Maybe we laugh so much because straining against resistance, having someone to catch you when you have to let go, doesn’t just make you stronger, it lifts burdens you didn’t know you were carrying, frees your heart. Makes room for the new.
If there is a God, and in my experience, there is, he’s definitely at the gym. In this environment of communing, of partnership, you are worthy, you are forgiven. You can lift 12-pound free weights. You can say no to what doesn’t serve you and yes to what does.
“You did good today,” JT says as I get ready to leave. He takes a swig from a water bottle on his desk and squints at me appraisingly in the afternoon light. “Do you know that because you’re my last client on Friday the weekend always starts off with something fun?”
It’s a casual remark whether or not it is true. Even if it’s false flattery, I’m affected by it. I’m ridiculous. I love the idea of making someone else happy just being myself, without giving something away in exchange. Yet every molecule in my being wants to deflect the intimacy of being liked, (really? still?), wants to make a joke, then walk out the door. But here at the gym, I can do whatever I believe I can. So, I smile in the mirror and say, “Yes.”

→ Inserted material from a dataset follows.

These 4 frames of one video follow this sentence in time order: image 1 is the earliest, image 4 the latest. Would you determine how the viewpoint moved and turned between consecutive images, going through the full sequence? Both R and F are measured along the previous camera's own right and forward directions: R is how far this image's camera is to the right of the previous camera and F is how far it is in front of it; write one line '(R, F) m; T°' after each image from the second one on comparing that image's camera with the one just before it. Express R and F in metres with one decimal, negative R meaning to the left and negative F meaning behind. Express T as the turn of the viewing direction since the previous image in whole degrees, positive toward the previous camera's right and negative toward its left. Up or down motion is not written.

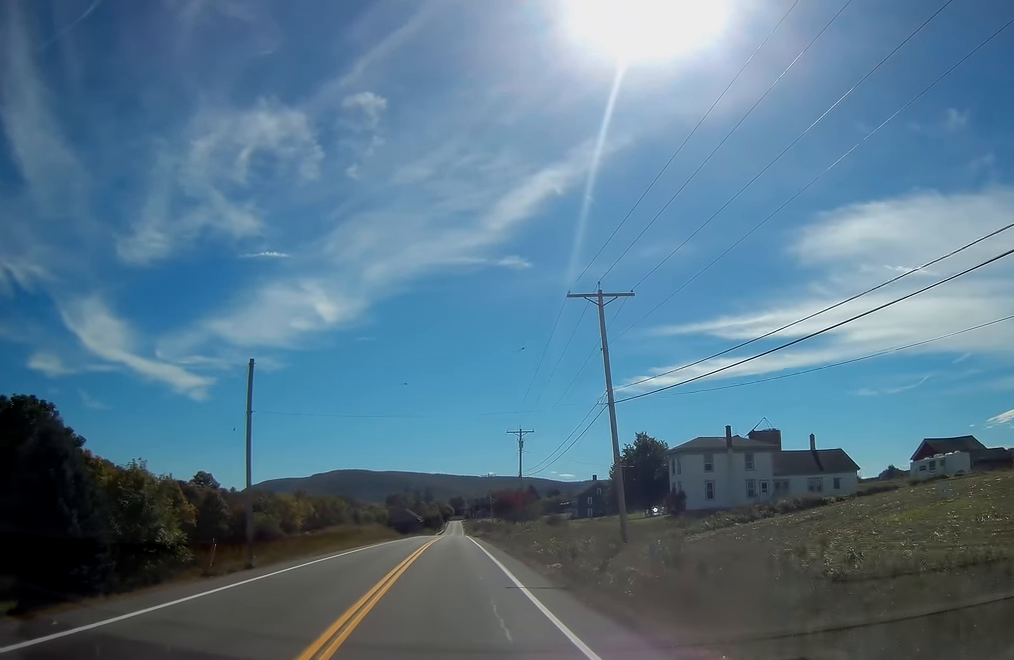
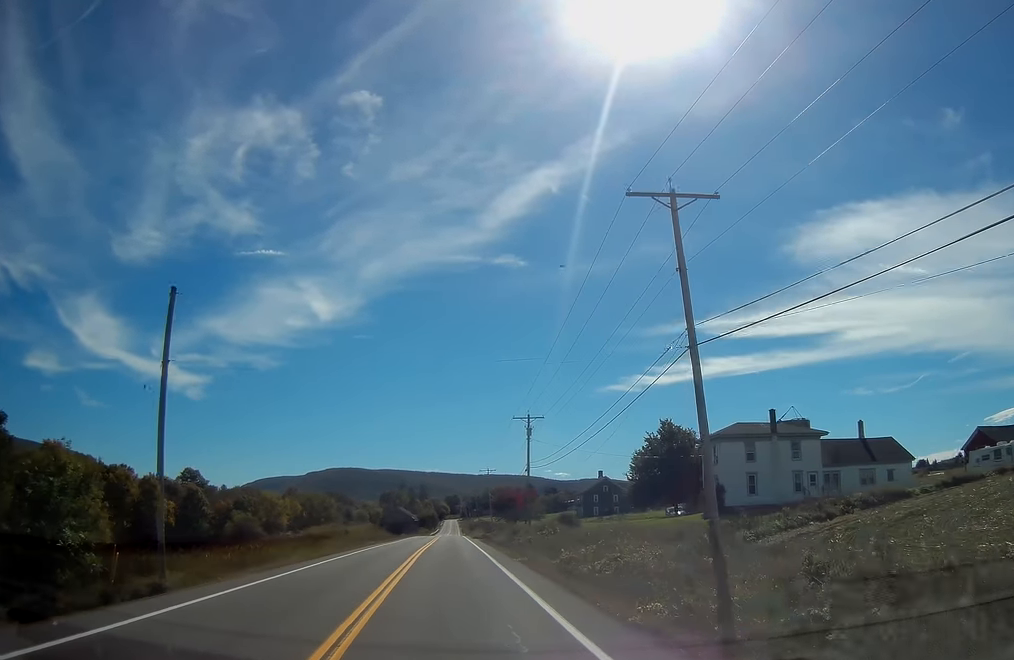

Laura J. Oliver is an award-winning developmental book editor and writing coach, who has taught writing at the University of Maryland and St. John’s College. She is the author of The Story Within (Penguin Random House). Co-creator of The Writing Intensive at St. John’s College, she is the recipient of a Maryland State Arts Council Individual Artist Award in Fiction, an Anne Arundel County Arts Council Literary Arts Award winner, a two-time Glimmer Train Short Fiction finalist, and her work has been nominated for a Pushcart Prize. Her website can be found here.
Letters to Editor
Lyn Banghart says
“The brain believes what you tell it. (Did you know that we are affected by false flattery even when we know it is false?) And rather than contradict a negative statement— “I’m unworthy, unforgiven—oh, and I can’t lift 12-pound free weights,” your brain will look for evidence that those things are true because you said they were. So, tell only your best and brightest stories about yourself and about everyone because they are more than words, they are energy. ”
I am holding on to this little bit!!
Laura Oliver says
Thank you, Lyn. Tell your brightest stories. They are the light by which you see.